Working data Start Marker

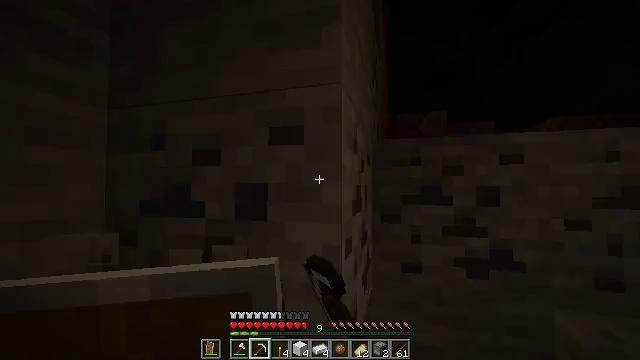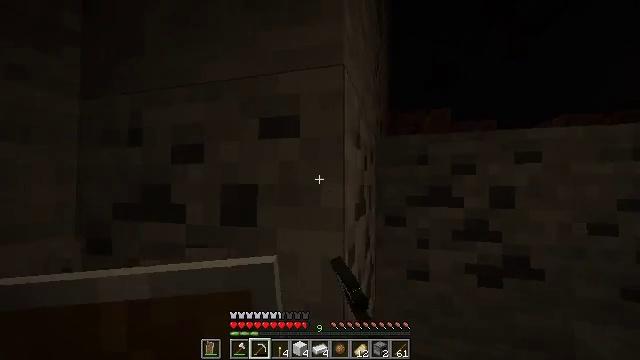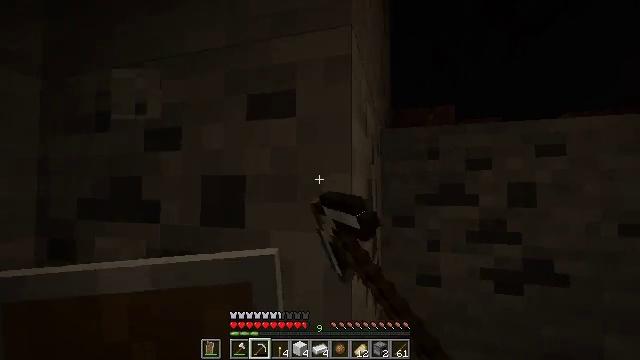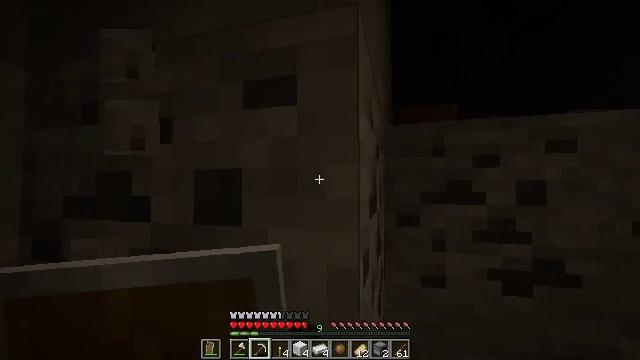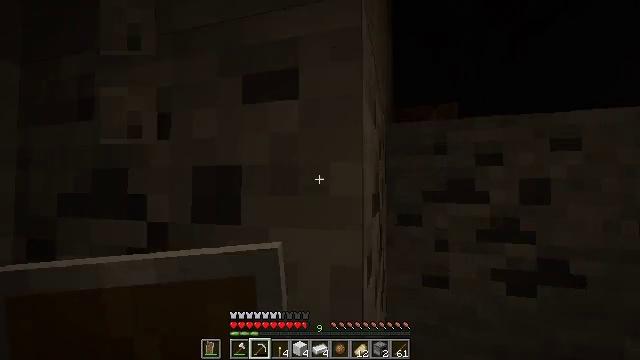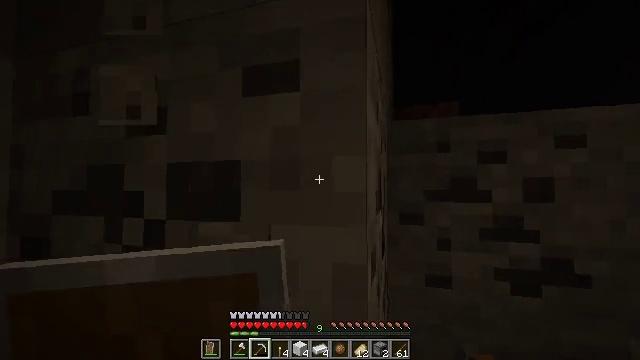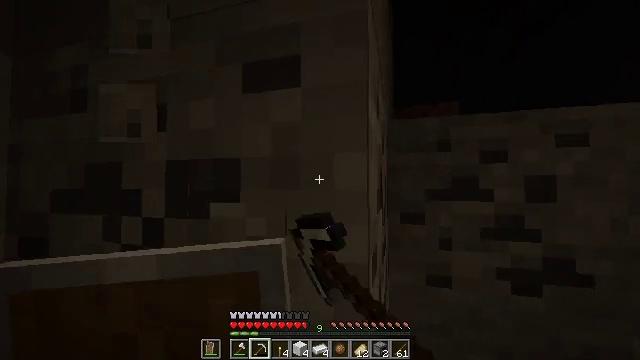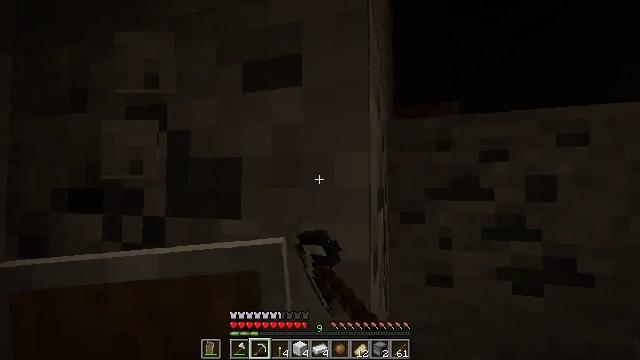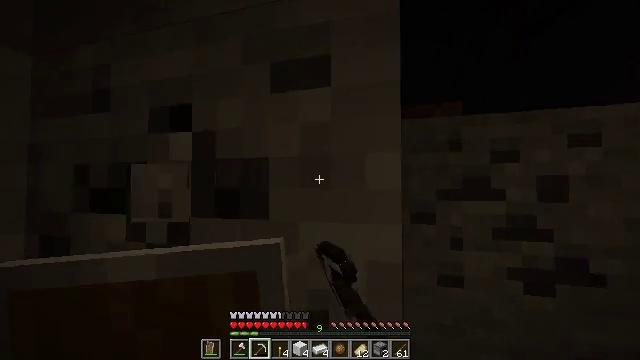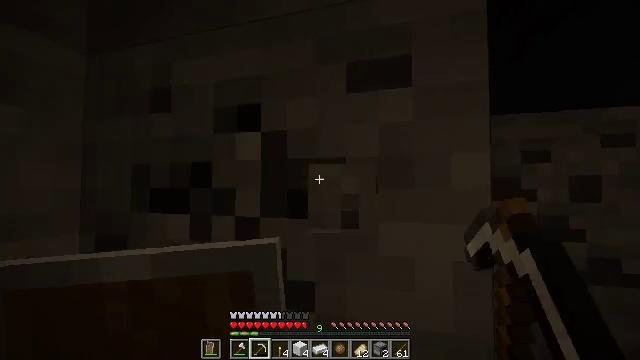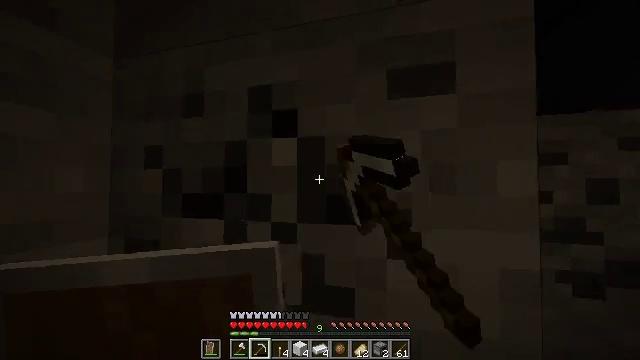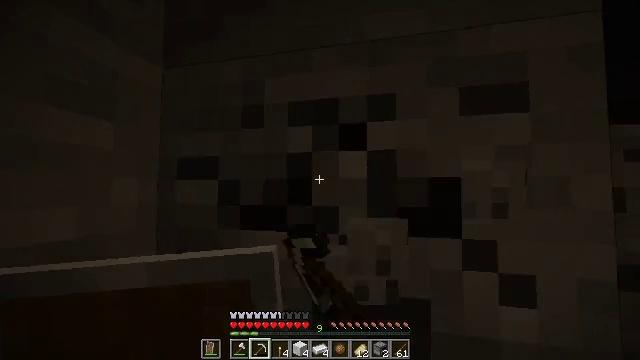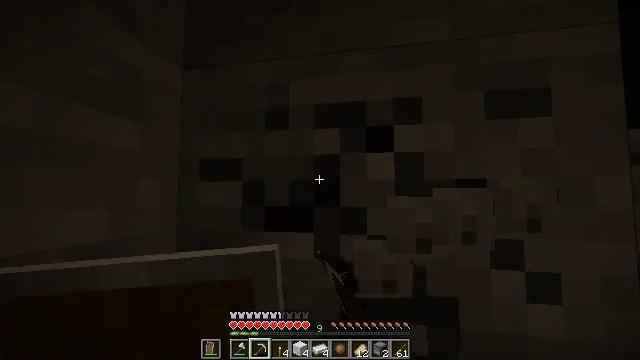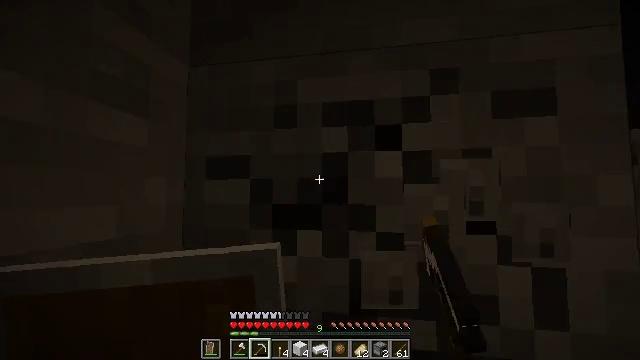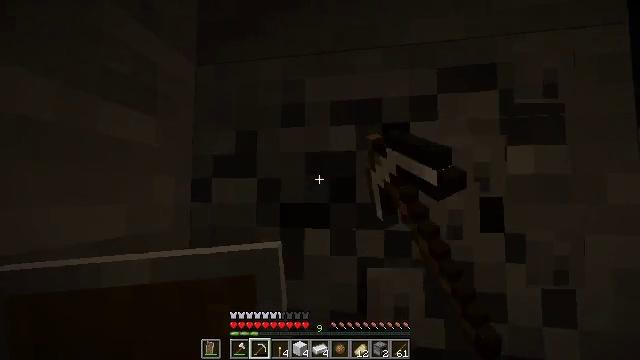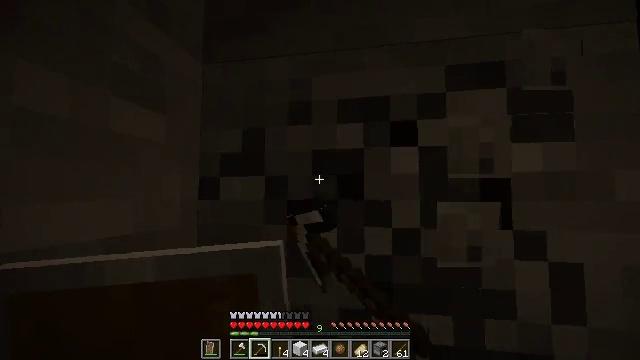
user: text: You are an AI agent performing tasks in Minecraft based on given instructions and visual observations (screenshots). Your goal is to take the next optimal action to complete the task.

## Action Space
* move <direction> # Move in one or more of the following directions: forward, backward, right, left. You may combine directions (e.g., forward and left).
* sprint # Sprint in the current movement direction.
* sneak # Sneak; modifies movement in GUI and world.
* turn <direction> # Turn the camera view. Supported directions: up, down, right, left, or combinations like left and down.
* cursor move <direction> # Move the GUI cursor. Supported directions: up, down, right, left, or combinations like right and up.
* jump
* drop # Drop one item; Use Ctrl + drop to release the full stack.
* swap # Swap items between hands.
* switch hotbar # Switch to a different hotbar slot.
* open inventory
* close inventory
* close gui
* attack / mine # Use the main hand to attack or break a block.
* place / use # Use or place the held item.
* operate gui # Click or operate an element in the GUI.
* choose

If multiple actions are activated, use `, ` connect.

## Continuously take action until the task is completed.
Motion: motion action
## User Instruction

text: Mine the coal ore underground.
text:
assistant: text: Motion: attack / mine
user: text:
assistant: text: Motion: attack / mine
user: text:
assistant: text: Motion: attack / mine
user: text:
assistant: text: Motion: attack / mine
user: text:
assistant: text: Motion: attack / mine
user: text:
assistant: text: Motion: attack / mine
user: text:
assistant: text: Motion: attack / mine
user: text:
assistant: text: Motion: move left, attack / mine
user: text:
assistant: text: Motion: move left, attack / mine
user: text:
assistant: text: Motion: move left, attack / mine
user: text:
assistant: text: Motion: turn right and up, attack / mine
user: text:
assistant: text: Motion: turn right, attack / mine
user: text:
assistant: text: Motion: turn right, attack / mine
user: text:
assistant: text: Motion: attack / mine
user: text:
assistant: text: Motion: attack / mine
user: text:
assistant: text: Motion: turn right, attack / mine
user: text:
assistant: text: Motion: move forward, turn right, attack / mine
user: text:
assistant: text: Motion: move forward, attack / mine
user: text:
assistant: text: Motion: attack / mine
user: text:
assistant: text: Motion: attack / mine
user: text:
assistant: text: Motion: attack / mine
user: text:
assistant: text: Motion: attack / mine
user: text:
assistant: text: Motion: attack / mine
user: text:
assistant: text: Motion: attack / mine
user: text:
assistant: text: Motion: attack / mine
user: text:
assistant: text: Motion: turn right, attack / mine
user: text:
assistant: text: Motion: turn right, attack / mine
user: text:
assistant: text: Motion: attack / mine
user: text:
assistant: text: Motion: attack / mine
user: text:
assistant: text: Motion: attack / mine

Working data End Marker

What you give back must match the entries exactly, apart from the omitted pictures.

user: text: You are an AI agent performing tasks in Minecraft based on given instructions and visual observations (screenshots). Your goal is to take the next optimal action to complete the task.

## Action Space
* move <direction> # Move in one or more of the following directions: forward, backward, right, left. You may combine directions (e.g., forward and left).
* sprint # Sprint in the current movement direction.
* sneak # Sneak; modifies movement in GUI and world.
* turn <direction> # Turn the camera view. Supported directions: up, down, right, left, or combinations like left and down.
* cursor move <direction> # Move the GUI cursor. Supported directions: up, down, right, left, or combinations like right and up.
* jump
* drop # Drop one item; Use Ctrl + drop to release the full stack.
* swap # Swap items between hands.
* switch hotbar # Switch to a different hotbar slot.
* open inventory
* close inventory
* close gui
* attack / mine # Use the main hand to attack or break a block.
* place / use # Use or place the held item.
* operate gui # Click or operate an element in the GUI.
* choose

If multiple actions are activated, use `, ` connect.

## Continuously take action until the task is completed.
Motion: motion action
## User Instruction

text: Mine the coal ore underground.
text:
assistant: text: Motion: attack / mine
user: text:
assistant: text: Motion: attack / mine
user: text:
assistant: text: Motion: attack / mine
user: text:
assistant: text: Motion: attack / mine
user: text:
assistant: text: Motion: attack / mine
user: text:
assistant: text: Motion: attack / mine
user: text:
assistant: text: Motion: attack / mine
user: text:
assistant: text: Motion: move left, attack / mine
user: text:
assistant: text: Motion: move left, attack / mine
user: text:
assistant: text: Motion: move left, attack / mine
user: text:
assistant: text: Motion: turn right and up, attack / mine
user: text:
assistant: text: Motion: turn right, attack / mine
user: text:
assistant: text: Motion: turn right, attack / mine
user: text:
assistant: text: Motion: attack / mine
user: text:
assistant: text: Motion: attack / mine
user: text:
assistant: text: Motion: turn right, attack / mine
user: text:
assistant: text: Motion: move forward, turn right, attack / mine
user: text:
assistant: text: Motion: move forward, attack / mine
user: text:
assistant: text: Motion: attack / mine
user: text:
assistant: text: Motion: attack / mine
user: text:
assistant: text: Motion: attack / mine
user: text:
assistant: text: Motion: attack / mine
user: text:
assistant: text: Motion: attack / mine
user: text:
assistant: text: Motion: attack / mine
user: text:
assistant: text: Motion: attack / mine
user: text:
assistant: text: Motion: turn right, attack / mine
user: text:
assistant: text: Motion: turn right, attack / mine
user: text:
assistant: text: Motion: attack / mine
user: text:
assistant: text: Motion: attack / mine
user: text:
assistant: text: Motion: attack / mine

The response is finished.